Source material:
==*==

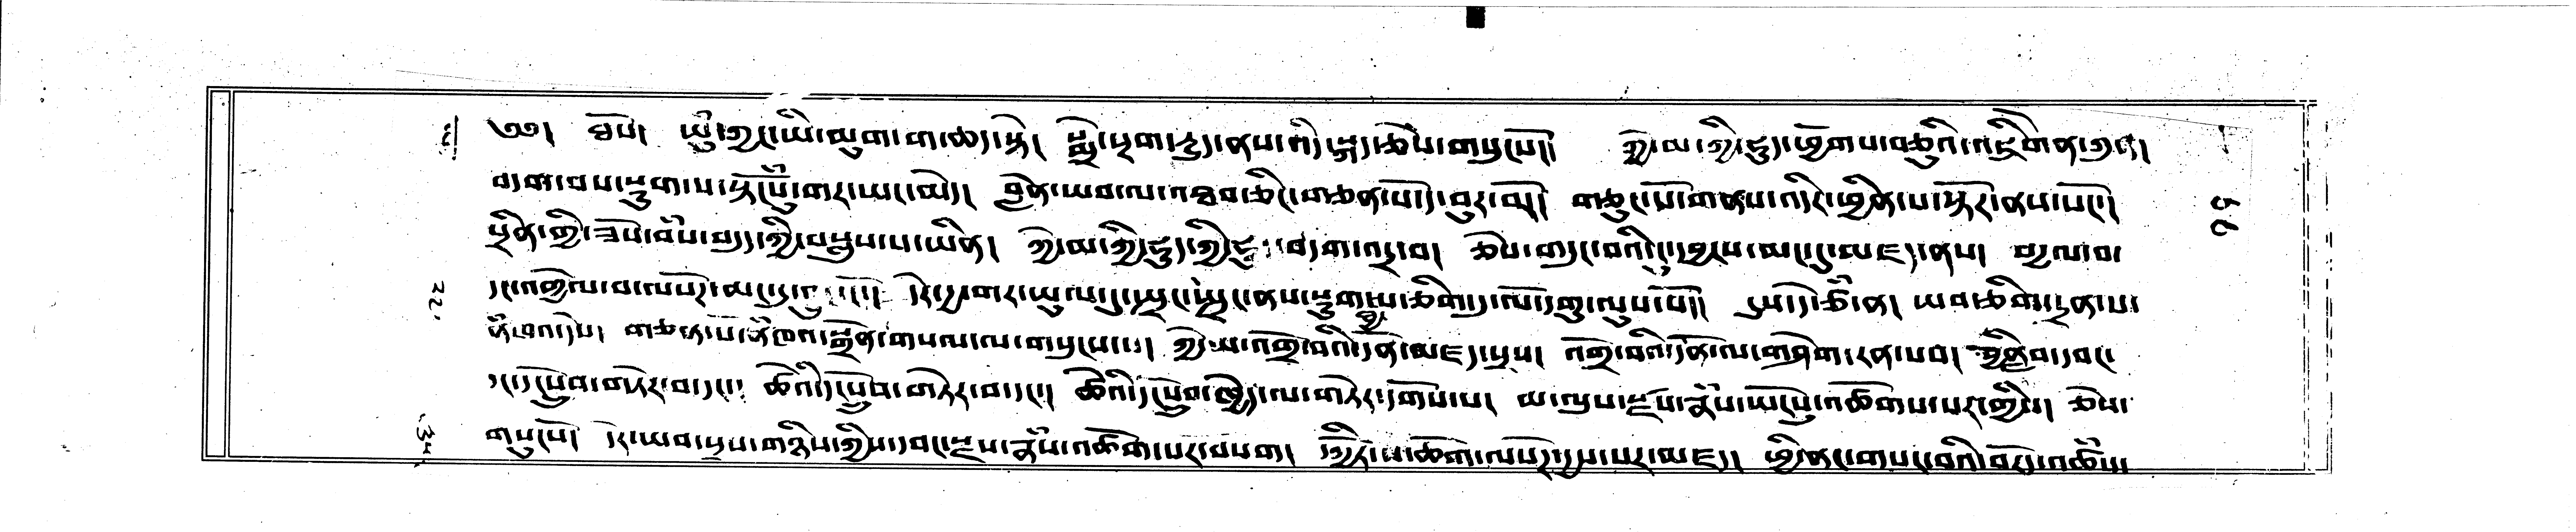ཐོས། ཡུམ་ཀྱང་ཡི་མུག་ག་ཆད་སྟེ། སྨྲེ་ངག་རྒྱུད་ནས་འདི་སྐད་ཅེས་གསུངས་སོ། ཀྱེ་མ་ཀྱི་ཧུད་ཕྱོགས་བཅུའི་འཇིག་རྟེན་ཀུན།
བདག་བས་སྡུག་པ་སྟོང་གསུམ་གར་ཡང་མེད། བླ་ཆེན་ཡབ་ལ་འཐབ་ཅིང་གཅན་པོ་ད་བུར་བོར། གཅུང་པོ་གནས་འདིར་ཕྱིན་པ་སྟོར་ནས་སོང་།
སྲིན་གྱི་ཟོས་བསམ་བདུད་ཀྱིས་བསླུས་པ་ཡིན། ཀྱེ་མ་ཀྱི་ཧུད་ཀྱི་ཧུད་བདག་འདྲ་བ། ཅེས་གདུང་བའི་ངུ་དབྱངས་མང་དུ་མཛད་ནས། བརྒྱལ་བ་
དང་འགྱེལ་བ་ལ་སོགས་མང་དུ་བྱུང་ངོ་། དེར་རྒྱ་གར་ཡུལ་དུ་སྤྲང་སྤྲང་ནས་སྡུག་ཐུག་པ་ཅིག་ཏུ་ལོ་དགུ་ལུས་སོ། དུས་དེ་ཙམ་ན་ཡབ་ཅིག་དྲན་པ་
ནམ་མཁའ་དེས། གཅེན་པོ་ནམ་མཁའ་སྒྲོན་གསལ་ལ་གསུངས་པ། ཀྱེ་མ་འགྲོ་བའི་དོན་མཛད་སྲས། འགྲོ་བའི་དོན་ལ་གཤེགས་རན་པས། བྱིན་རླབས་དབང་
དང་དངོས་གྲུབ་སྟེར་བ་དང་། ཚེ་ཡི་དངོས་གྲུབ་སྟེར་བ་དང་། ཚེའི་དངོས་གྲུབ་ཁྱེད་ལ་སྟེར་དགོས་པ། མ་ལུས་རྫས་རྣམས་ཡོངས་སུ་འཚོགས་པར་གྱིས། ཅེས་
གསུངས་སོ། །དེར་ཡབ་སྲས་གཉིས་ཀྱིས་དབང་རྫས་རྣམས་འཚོགས་པར་བསགས། དཀྱིལ་འཁོར་ས་ཆོག་ལ་སོགས་རྒྱས་པར་མཛད། ཕྱི་ནང་གསང་བའི་བར་ཆོད་མཚམས་

==*==

Would you repeat the entries exactly, but with no pictures?

Response to this task:
ཐོས། ཡུམ་ཀྱང་ཡི་མུག་ག་ཆད་སྟེ། སྨྲེ་ངག་རྒྱུད་ནས་འདི་སྐད་ཅེས་གསུངས་སོ། ཀྱེ་མ་ཀྱི་ཧུད་ཕྱོགས་བཅུའི་འཇིག་རྟེན་ཀུན།
བདག་བས་སྡུག་པ་སྟོང་གསུམ་གར་ཡང་མེད། བླ་ཆེན་ཡབ་ལ་འཐབ་ཅིང་གཅན་པོ་ད་བུར་བོར། གཅུང་པོ་གནས་འདིར་ཕྱིན་པ་སྟོར་ནས་སོང་།
སྲིན་གྱི་ཟོས་བསམ་བདུད་ཀྱིས་བསླུས་པ་ཡིན། ཀྱེ་མ་ཀྱི་ཧུད་ཀྱི་ཧུད་བདག་འདྲ་བ། ཅེས་གདུང་བའི་ངུ་དབྱངས་མང་དུ་མཛད་ནས། བརྒྱལ་བ་
དང་འགྱེལ་བ་ལ་སོགས་མང་དུ་བྱུང་ངོ་། དེར་རྒྱ་གར་ཡུལ་དུ་སྤྲང་སྤྲང་ནས་སྡུག་ཐུག་པ་ཅིག་ཏུ་ལོ་དགུ་ལུས་སོ། དུས་དེ་ཙམ་ན་ཡབ་ཅིག་དྲན་པ་
ནམ་མཁའ་དེས། གཅེན་པོ་ནམ་མཁའ་སྒྲོན་གསལ་ལ་གསུངས་པ། ཀྱེ་མ་འགྲོ་བའི་དོན་མཛད་སྲས། འགྲོ་བའི་དོན་ལ་གཤེགས་རན་པས། བྱིན་རླབས་དབང་
དང་དངོས་གྲུབ་སྟེར་བ་དང་། ཚེ་ཡི་དངོས་གྲུབ་སྟེར་བ་དང་། ཚེའི་དངོས་གྲུབ་ཁྱེད་ལ་སྟེར་དགོས་པ། མ་ལུས་རྫས་རྣམས་ཡོངས་སུ་འཚོགས་པར་གྱིས། ཅེས་
གསུངས་སོ། །དེར་ཡབ་སྲས་གཉིས་ཀྱིས་དབང་རྫས་རྣམས་འཚོགས་པར་བསགས། དཀྱིལ་འཁོར་ས་ཆོག་ལ་སོགས་རྒྱས་པར་མཛད། ཕྱི་ནང་གསང་བའི་བར་ཆོད་མཚམས་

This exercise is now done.